Я не мог снова превратить всё это в страшный детский сад.

— Нет, — повторил я. — Я не буду вашей новой Матерью.

Вместо трона я выбрал работу руками. Помогал вытаскивать раненых, гасить разгорающиеся очаги огня, укреплять временные мостки к уцелевшим рельсам. Я не приказывал — просто делал, и люди, глядя, начинали делать то же самое. Без клятв. Без кругов.

Когда стало ясно, что опасность миновала, я нашёл Кассу и Орри.

— Дальше — сами, — сказал я им. — У нас больше нет нитей, чтобы быть связаными.

Касса хмыкнула и, не удержавшись, всё‑таки тронула моё плечо.

— Не вздумай снова бежать за чьей‑то спиной, Леон, — сказала она. — Даже за нашей.

Орри только кивнул, пряча глаза, но в этом кивке было больше доверия, чем в любых клятвах.

Я пошёл вдоль ещё дымящихся рельс, отдаляясь от руин виадука. Внизу, в долине, уже собирали первый в истории свободный поезд.
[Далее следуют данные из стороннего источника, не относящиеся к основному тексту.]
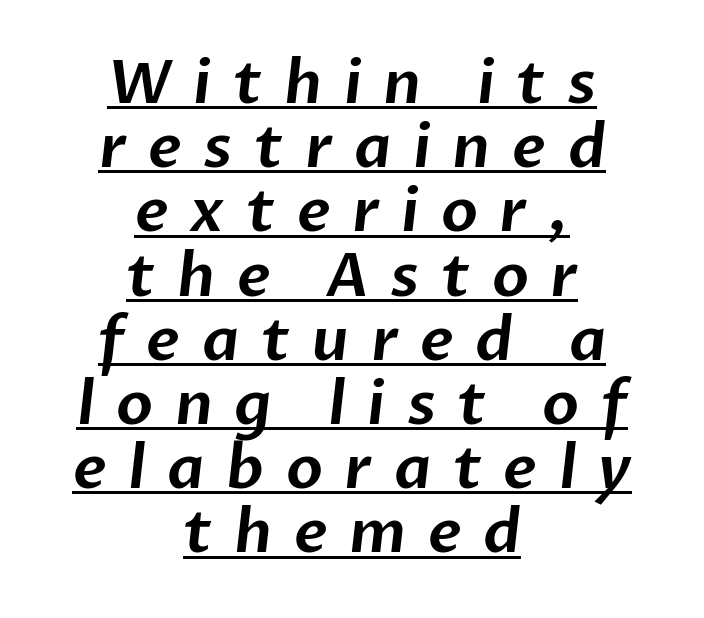
Leading: reduced. There is plenty of visible air inserted between adjacent glyphs. Horizontal alignment here is central, giving a formal, balanced look. Proportional: the letters do not fall into vertical columns.
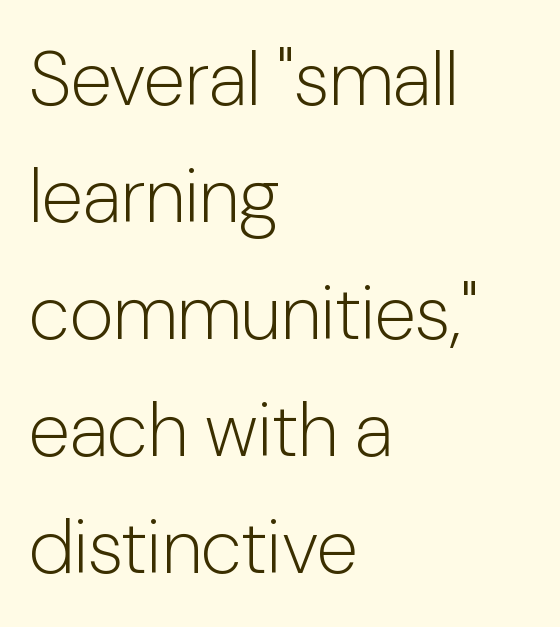
Underlining? Definitely not there. The rendering uses a moderate line-height, typical for paragraphs. Left-aligned paragraph, ragged on the right. A typesetter would mark this as roman, not italic. Here the designer chose a conventional face with non-uniform glyph widths.
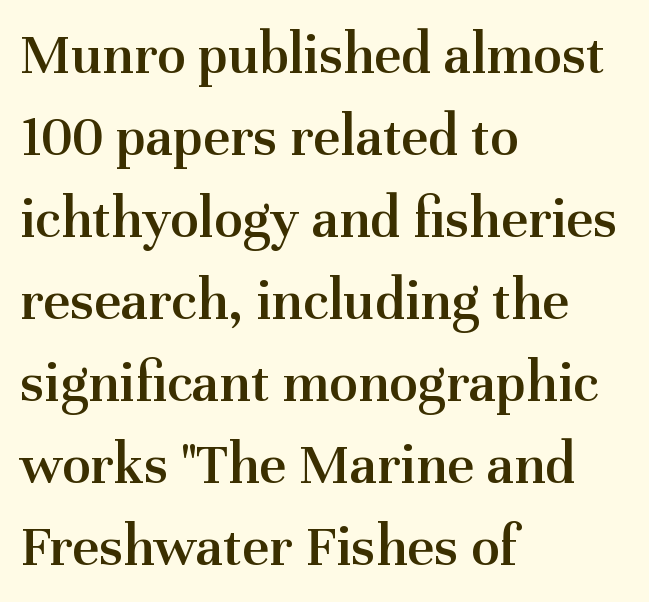
{"serif": "yes", "italic": "no", "bold": "semi", "weight": "semibold", "width": "normal", "stroke_contrast": "medium", "x_height": "medium", "monospaced": "no", "underline": "no", "align": "left", "line_spacing": "normal", "line_spacing_ratio": 1.39, "letter_spacing": "normal", "letter_spacing_em": 0.0, "glyph_px": 59}
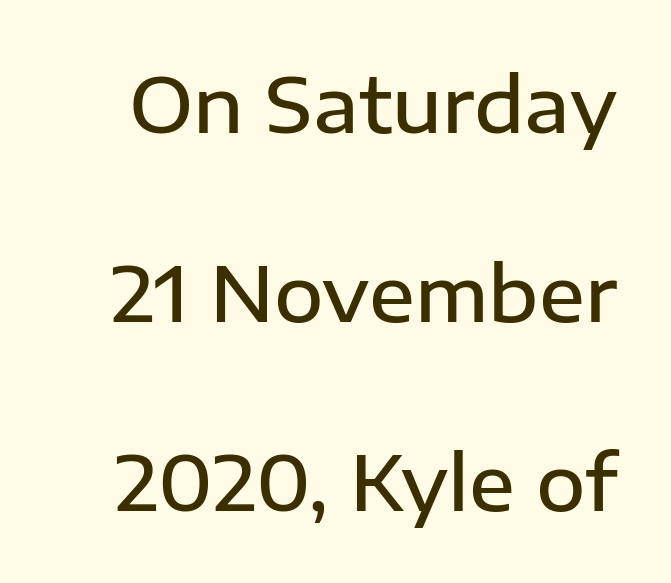
The image shows 76 px semibold sans-serif type, upright; set loose line spacing (2.49x), normal letter spacing, not underlined; low stroke contrast and a medium x-height.
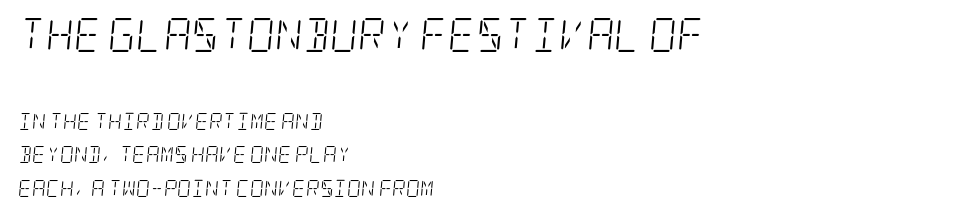
The image shows 34 px light, condensed serif type, italic (leaning right); set left-aligned, loose line spacing (1.98x), normal letter spacing, not underlined; the first (top) block is 2.0x larger; low stroke contrast and a large x-height.
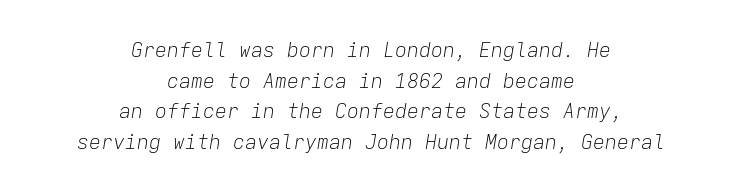
The image shows 20 px text type, italic (leaning right); set centered, normal line spacing (1.53x), normal letter spacing, not underlined.
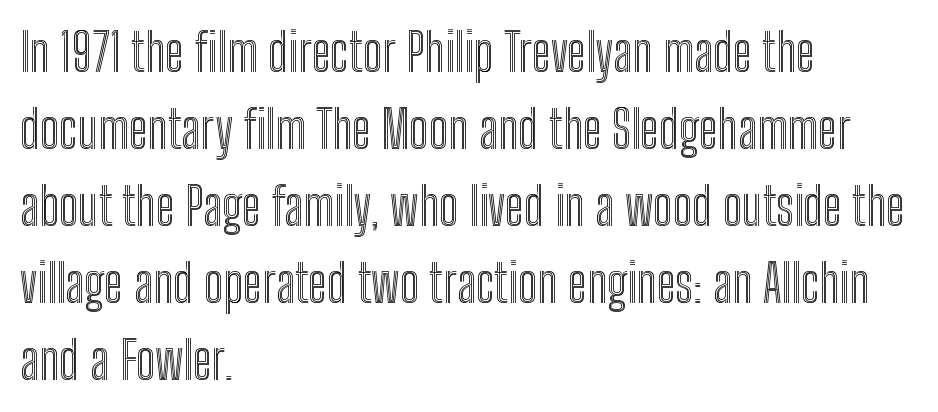
{"italic": "no", "width": "condensed", "x_height": "medium", "monospaced": "no", "underline": "no", "align": "left", "line_spacing": "normal", "line_spacing_ratio": 1.48, "letter_spacing": "normal", "letter_spacing_em": 0.0, "glyph_px": 52}

Не «Последний ход» Матери, а обычный состав, который должен был везти людей не к алтарю, а к друг другу.

Я не собирался опаздывать. Но теперь я шёл не потому, что боялся потерять её, не потому, что меня тянула невидимая нить. Я просто шёл. Своими ногами. Не прячась ни за чьей юбкой, не ожидая приказа сверху.